Get in muggles, we’re going to Dobby’s grave: Cardiff student edition

We visited the most iconic Harry Potter filming location in Wales: Here’s how it went

If you’re not willing to drive for four hours to a remote beach in west Wales to spend 10 minutes looking at a pile of rocks commemorating the life of a fictional elf then I’m sorry, but we can’t be friends.

For those who don’t know, Dobby the house elf was a much loved character from the Harry Potter franchise who, much to the fans’ dismay, was killed and buried during the last book, Harry Potter and the Deathly Hallows. When making the films, these emotional scenes were filmed at Freshwater West Beach in Pembrokeshire, and his seaside grave has since been tracked down by fans and turned into loving tribute which is free to visit by the public.

It took us about 2 hours to drive there from Cardiff Uni and was actually much easier to find than we expected. We pulled into the first car park we came across along the coastal road, and, honestly, when we got there our first thoughts were just confusion and doubt about whether we were really in the right place. We didn’t feel any more confident after asking other visitors in the car park if they knew which direction the grave was in, either, as they all looked at us as if we were speaking Parseltoungue and had no idea what we were talking about.

Nevertheless, we crossed the road and took the small path down to the beach, determined to find these rocks if it was the last thing we did. As we were walking, we caught sight of a large pile of something on a sand dune in the distance and a couple of other people who were also heading towards it. Figuring that that must be it, we set off in that direction.

We truly thought we would have to scour the beach for hours for any trace of something magical, but it only took us a couple of minutes to walk over there and immediately we knew that this was it.

From the bottom of the dune to the very top, there were small stones and socks left by fans to pay tribute to their favourite house elf.

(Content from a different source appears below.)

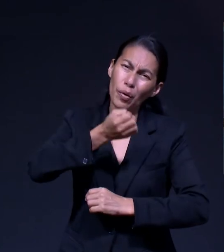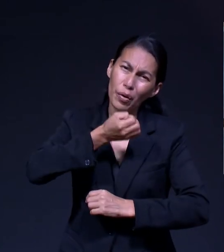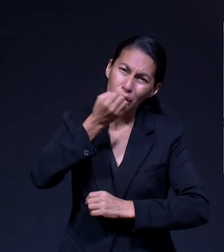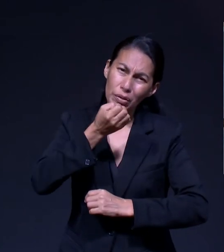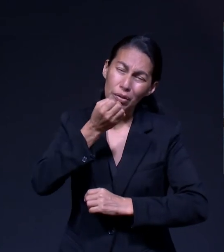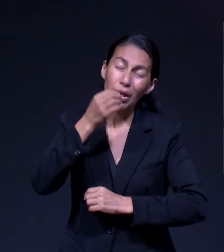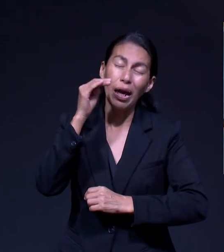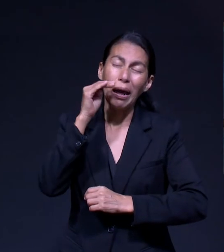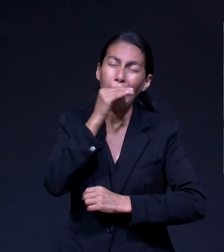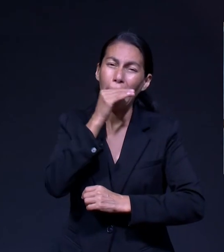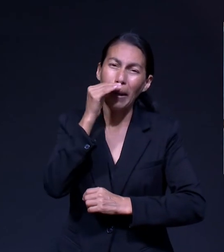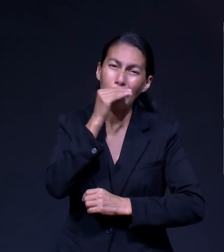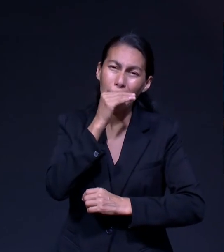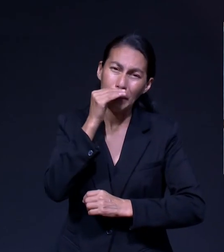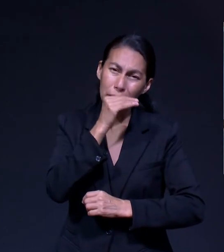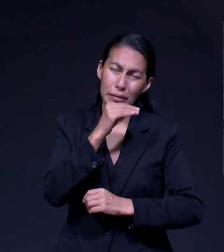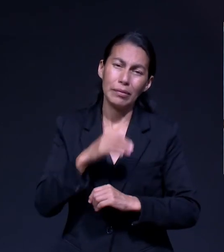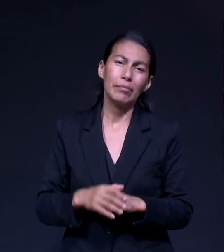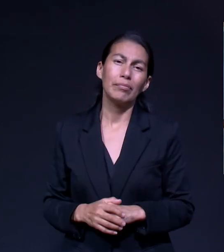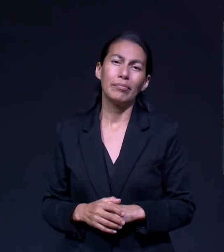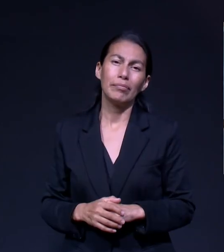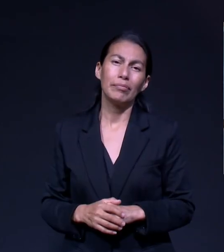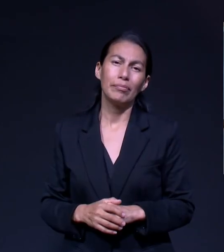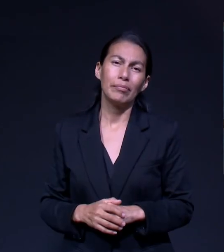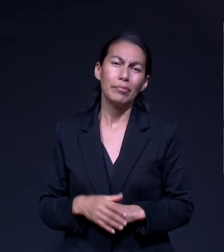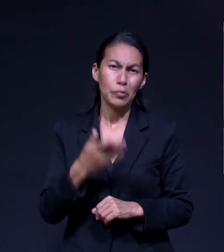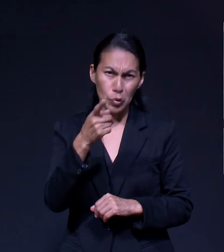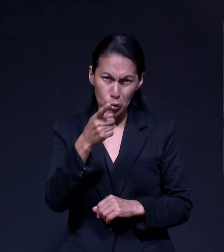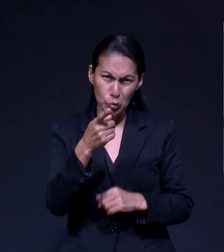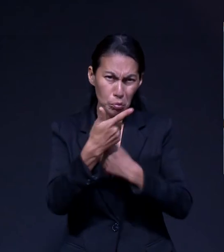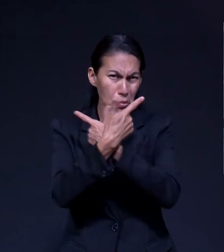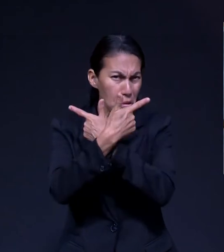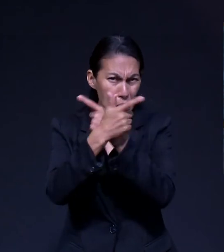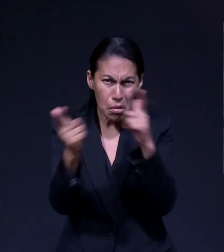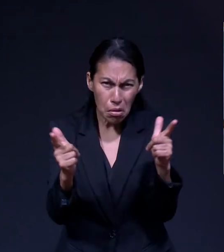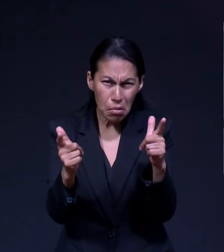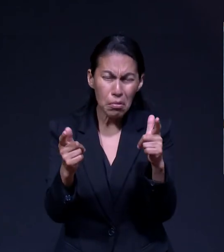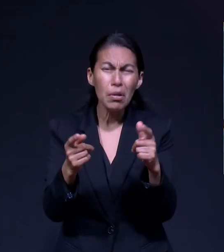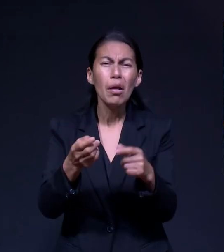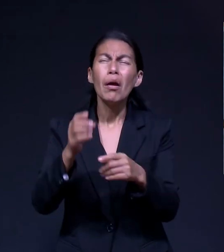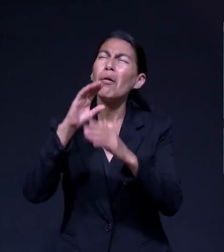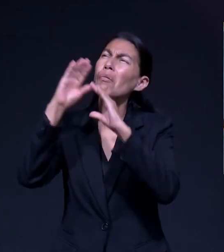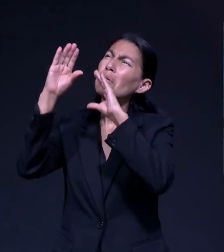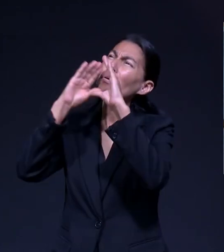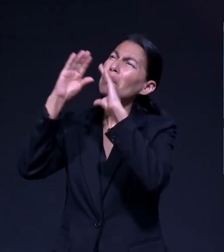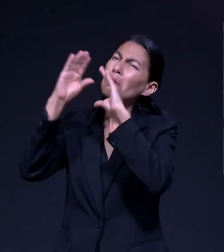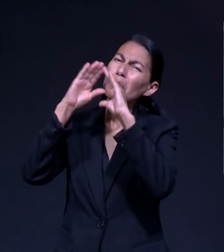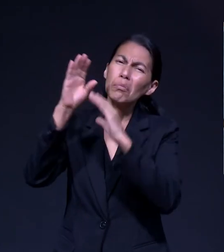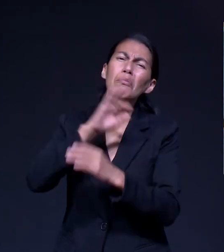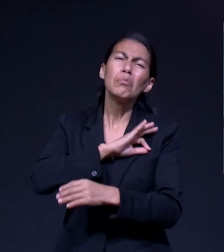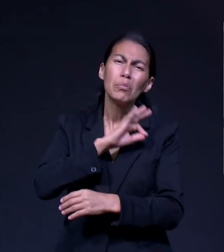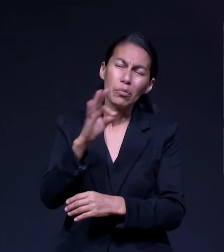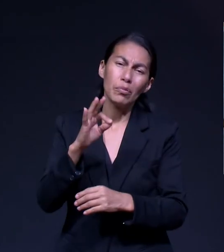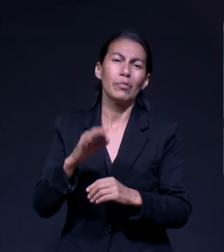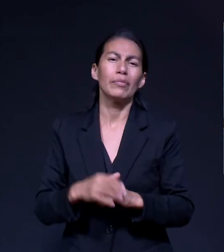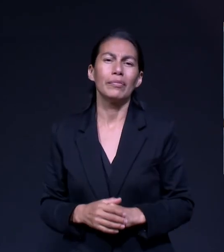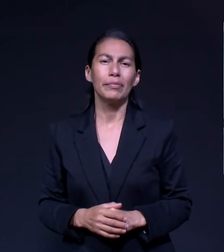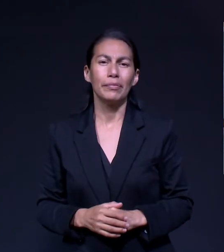Gratis Y en todo tiempo Para que tu puedas Comunicarte con él La sangre De

Some of the stones had been intricately painted and decorated, others had quotes from the films or messages to Dobby written on them. Some of my personal favourites of these were: ‘Dobby for next prime minister’ and ‘I luv Goyle’, but there were plenty of others that were more respectful.

We started to feel annoyed with ourselves that we didn’t bring a Sharpie to write a message of our own for Dobby, but we each put a stone from the beach on the pile anyway, it’s the thought that counts, right?

Although this isolated location was picked for a reason, we were surprised at how quiet and peaceful it really was there. Of course, it is very remote, so not every Potterhead in the world would be able to visit, but we were the only people there for ages, which we weren’t really expecting. That being said, it was a very cold, wet and gloomy day, so maybe the coach-loads of fans were waiting for a slightly sunnier day to visit.

We were only there for about half an hour at the most, but overall, if you’re in South Wales, have a car, and like Harry Potter, this should definitely be on your bucket list and we would absolutely recommend paying a visit. It’s also just a really nice beach if you and any other muggles want a fun day at the beach with a splash of magic on the side.